5.1.2. Microfacies Impact on Reservoir Properties

The sedimentary microfacies in the study area mainly include: debris-flow in proximal alluvial fan (DFPA), stream flow in mid-alluvial fan (SFMA), over flow sand body (OFSB), sheet flow in distal alluvial fan (SFDA), and braided channels outside alluvial fans (BCOA) (Figure 11).
Debris-flow in proximal alluvial fan (DFPA) The proximal alluvial fan is commonly a rapidly accumulating sedimentary body at the canyon in the Binxian uplift. DFPA is a typical sedimentary microfacie in the proximal reaches of alluvial in areas of high rainfall. DFPA is commonly rich in relatively coarse sediment. The lithology in DFPA is mainly gravel-bearing sandstone or conglomerate with massive bedding.
Stream flow in mid-alluvial fan (SFMA) is formed by convergence of flow from the proximal alluvial fan to the perennial discharge stream in the mid-alluvial fan. SFMA mainly develops in the descending plate of synsedimentary faults in the Binxian uplift. The lithology in SFMA is mainly very fine to coarse sandstone with parallel bedding or intersecting bedding. A single SFMA sand body commonly has upward-fining rhythm with a thickness of approximately 5 m.
Overflow sand body (OFSB) refers to the sedimentation of sand bodies formed by the flood fluids overflowing the embankment of the channel during flood periods and is deposited outside stream channels. The OFSB is composed of medium–fine sandstone and gravel-bearing sandstone. The OFSB commonly has an upward-coarse rhythm or a complex rhythm with a thickness of between 2 m and 3 m.
Sheet flow in distal alluvial fan (SFDA) formed by unchanneled flow which is shallow and short lived and localized on the distal alluvial fan where channels become shallow and ill-defined.
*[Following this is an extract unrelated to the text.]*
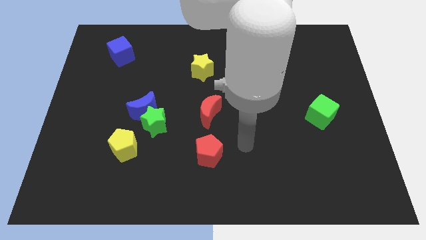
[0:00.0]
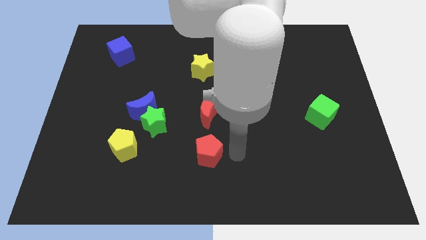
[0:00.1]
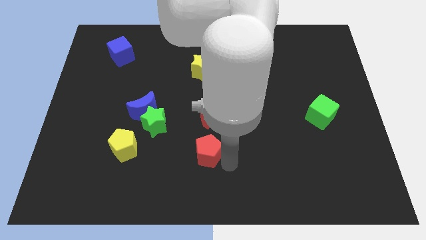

The thickness of SFDA is small, commonly less than 2 m. The lithology of SFDA is mainly mudstone and siltstone.
Braided channels outside alluvial fans (BCOA) BCOA develop outside the alluvial fan on the periphery of the Binxian uplift. The BCOA is mainly composed of medium sandstone and fine sandstone. The thickness of BCOA is commonly more than 2 m with an upward-fining rhythm.
There are significant differences in reservoir physical properties of different sedimentary microfacies (Figure 12). The porosity of SFMA ranges from 6.57% to 38.4%, with an average of 27.6%. The proportion of samples in SFMA with porosity higher than 30% account for 53.6 percent and samples with porosity between 20% and 30% account for 31.9 percent (Figure 12A). The BCOA has a porosity between 9% and 38.9%, with an average of 29%. Samples with porosity higher than 30% and samples with porosity between 20% and 30% both account for 44%. The porosity of OFSB, which ranges from 12.4% to 30.5% (average 22.8%), is lower than that of SFMA and BCOA. The porosity of OFSB mainly distributed in the range between 20% and 30%, accounts for 52.6%. The porosities of DFPA are from 20.5% to 23.8%, with an average of 22.6%. The SFDA is mainly mudstone, which is not a reservoir for petroleum. Thus, the SFMA and BCOA have relatively good reservoir quality. In contrast, the OFSB and DFPA have poor reservoir quality.
Different sedimentary microfacies were formed in different sedimentary environments and have different grain sizes, sorting, and particle arrangements, resulting in different primary porosities. The composition and texture of lithologies are controlled by the distribution of sedimentary microfacies. The SFMA and BCOA, which are formed by stable and continuous traction flow sedimentation in water bodies, have relatively high component maturity and good sorting, resulting in relatively high primary porosity. On the contrary, DFPA and OFSB were formed by rapid sedimentation of gravity flow, having poor sorting and mixed grains of different sizes with relatively low primary porosity and permeability. Therefore, microfacies have an important influence on primary porosity and permeability for alluvial glutenite reservoirs.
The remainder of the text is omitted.